宏平均分數為：0.333；加權平均分數為：0.389

7.log_loss(y_true, y_pred, eps=1e-15, normalize=True, sample_weight=None, labels=None)：

又被稱為 logistic regression loss（logistic 回歸損失）或者 cross-entropy loss（交叉熵損失）定義在 probability estimates （概率估計）

#示例
from sklearn.metrics import log_loss

y_true = [0, 0, 1, 1]
y_pred = [[.9, .1], [.8, .2], [.3, .7], [.01, .99]]
log_loss(y_true, y_pred)   #0.1738

8.precision_score(y_true, y_pred, labels=None, pos_label=1, average='binary',) ：查准率或者精確度

參數
y_true : 一維數組，或標簽指示符 / 稀疏矩陣，實際（正確的）標簽.
y_pred : 一維數組，或標簽指示符 / 稀疏矩陣，分類器返回的預測標簽.
labels : 列表，默認情況下，y_true和y_pred中的所有標簽按照排序后的順序使用.
pos_label : 字符串或整型，默認為1. 如果average = binary並且數據是二進制時需要被報告的類. 若果數據是多類的或者多標簽的，這將被忽略；設置labels=[pos_label]和average != binary就只會報告設置的特定標簽的分數.
average : 字符串，可選值為[None, ‘binary’ (默認), ‘micro’, ‘macro’, ‘samples’, ‘weighted’]. 多類或者多標簽目標需要這個參數. 如果為None，每個類別的分數將會返回. 否則，它決定了數據的平均值類型.
‘binary’: 僅報告由pos_label指定的類的結果. 這僅適用於目標（y_{true, pred}）是二進制的情況.
‘micro’: 通過計算總的真正性、假負性和假正性來全局計算指標.
‘macro’: 為每個標簽計算指標，找到它們未加權的均值. 它不考慮標簽數量不平衡的情況.
‘weighted’: 為每個標簽計算指標，並通過各類占比找到它們的加權均值（每個標簽的正例數）.它解決了’macro’的標簽不平衡問題；它可以產生不在精確率和召回率之間的F-score.
‘samples’: 為每個實例計算指標，找到它們的均值（只在多標簽分類的時候有意義，並且和函數accuracy_score不同）.
sample_weight : 形狀為[樣本數量]的數組，可選參數. 樣本權重.

返回值
precision : 浮點數(如果average不是None) 或浮點數數組, shape =[唯一標簽的數量]
二分類中正類的精確率或者在多分類任務中每個類的精確率的加權平均.

#官方代碼如下
from sklearn.metrics import precision_score

y_true = [0, 1, 2, 0, 1, 2]
y_pred = [0, 2, 1, 0, 0, 1]
print(precision_score(y_true, y_pred, average='macro'))  # 0.2222222222222222
print(precision_score(y_true, y_pred, average='micro'))  # 0.3333333333333333
print(precision_score(y_true, y_pred, average='weighted'))  # 0.2222222222222222
print(precision_score(y_true, y_pred, average=None))  # [0.66666667 0.         0.        ]
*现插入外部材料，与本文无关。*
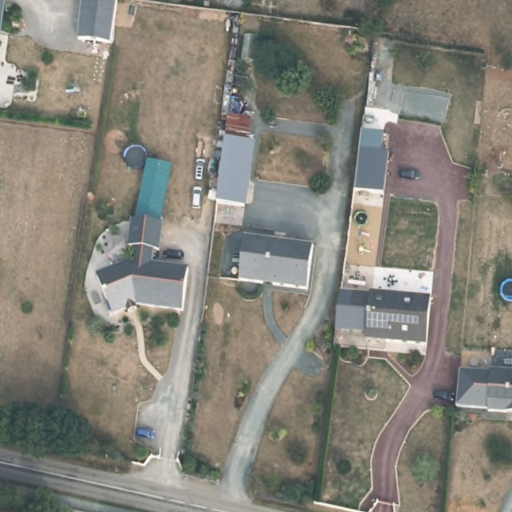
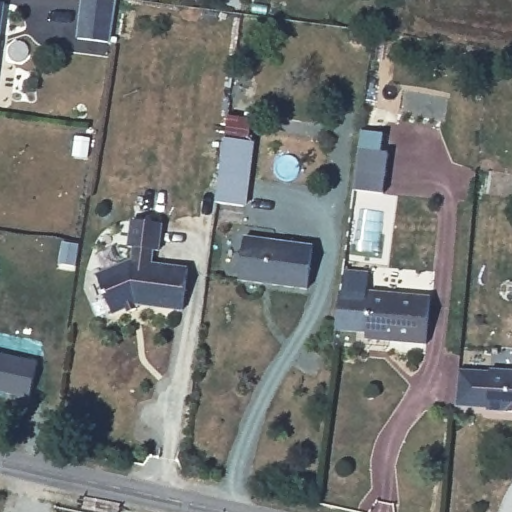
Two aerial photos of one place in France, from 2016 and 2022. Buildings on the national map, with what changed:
unchanged [(80,0),(113,0),(108,43),(74,38),(80,0)]
unchanged [(0,25),(0,3),(3,3),(0,25)]
unchanged [(240,204),(215,200),(223,140),(227,117),(246,119),(243,142),(248,142),(240,204)]
unchanged [(385,131),(382,150),(390,151),(386,191),(355,188),(362,129),(385,131)]
unchanged [(154,242),(149,242),(147,256),(182,260),(177,302),(130,296),(107,305),(92,266),(128,252),(129,239),(125,238),(127,211),(157,215),(154,242)]
unchanged [(271,283),(269,280),(260,279),(257,281),(236,278),(240,236),(307,245),(302,286),(271,283)]
unchanged [(358,339),(363,290),(426,295),(421,344),(358,339)]
new [(31,399),(0,392),(0,352),(39,361),(31,399)]
unchanged [(510,405),(506,407),(484,406),(489,366),(512,368),(512,405),(510,405)]

9.recall_score(y_true, y_pred, labels=None, pos_label=1, average='binary', sample_weight=None)：召回率

recall(召回率)=TP/(TP+FN)

召回率指實際為正的樣本中被預測為正的樣本所占實際為正的樣本的比例

召回率最好的值是1，最差的值是0

#示例
from sklearn.metrics import recall_score

y_true = [0, 1, 2, 0, 1, 2]
y_pred = [0, 2, 1, 0, 0, 1]
print(recall_score(y_true, y_pred, average='macro'))  # 0.3333333333333333
print(recall_score(y_true, y_pred, average='micro'))  # 0.3333333333333333
print(recall_score(y_true, y_pred, average='weighted'))  # 0.3333333333333333
print(recall_score(y_true, y_pred, average=None))  # [1. 0. 0.]
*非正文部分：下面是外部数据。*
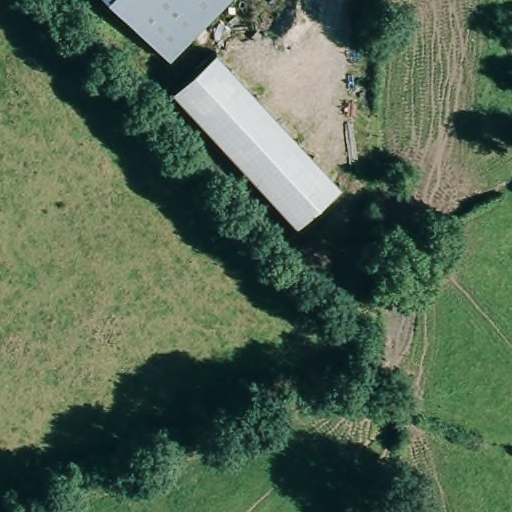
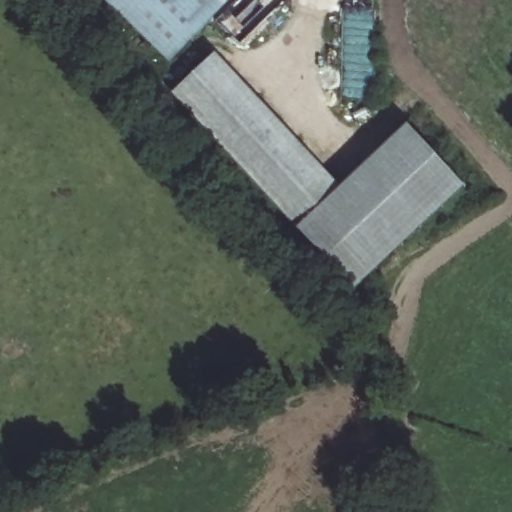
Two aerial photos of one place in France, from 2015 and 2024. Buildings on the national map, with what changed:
unchanged [(170,66),(164,60),(100,0),(233,0),(170,66)]
unchanged [(296,227),(172,93),(215,53),(341,188),(296,227)]
new [(341,188),(408,126),(465,187),(355,291),(296,227),(341,188)]

10.roc_auc_score(y_true, y_score, average='macro', sample_weight=None)：

計算ROC曲線下的面積就是AUC的值，值越大越好

#官方示例
import numpy as np
from sklearn.metrics import roc_auc_score

y_true = np.array([0, 0, 1, 1])
y_scores = np.array([0.1, 0.4, 0.35, 0.8])
roc_auc_score(y_true, y_scores)  #0.75

11.roc_curve(y_true, y_score, pos_label=None, sample_weight=None, drop_intermediate=True)；

計算ROC曲線的橫縱坐標值，TPR，FPR：

TPR = TP/(TP+FN) = recall(真正例率，敏感度) FPR = FP/(FP+TN)(假正例率，1-特異性)

ks和auc畫圖時經常使用到

參數：

pos_label：正樣本的標簽，例如樣本label（0,1），其中1表示正樣本，則pos_label=1

drop_intermediate：是否降低一些不會出現在繪制的ROC曲線上的次優閾值。這對於創建更淺的ROC曲線很有用

#官方代碼
import numpy as np
from sklearn import metrics
y = np.array([1, 1, 2, 2])
scores = np.array([0.1, 0.4, 0.35, 0.8])
fpr, tpr, thresholds = metrics.roc_curve(y, scores, pos_label=2)
fpr  #array([0. , 0. , 0.5, 0.5, 1. ])
tpr  #array([0. , 0.5, 0.5, 1. , 1. ])
thresholds  #array([1.8 , 0.8 , 0.4 , 0.35, 0.1 ])

補充一下混淆矩陣如下：

二、回歸指標

1.explained_variance_score(y_true, y_pred, sample_weight=None, multioutput='uniform_average')：回歸方差(反應自變量與因變量之間的相關程度)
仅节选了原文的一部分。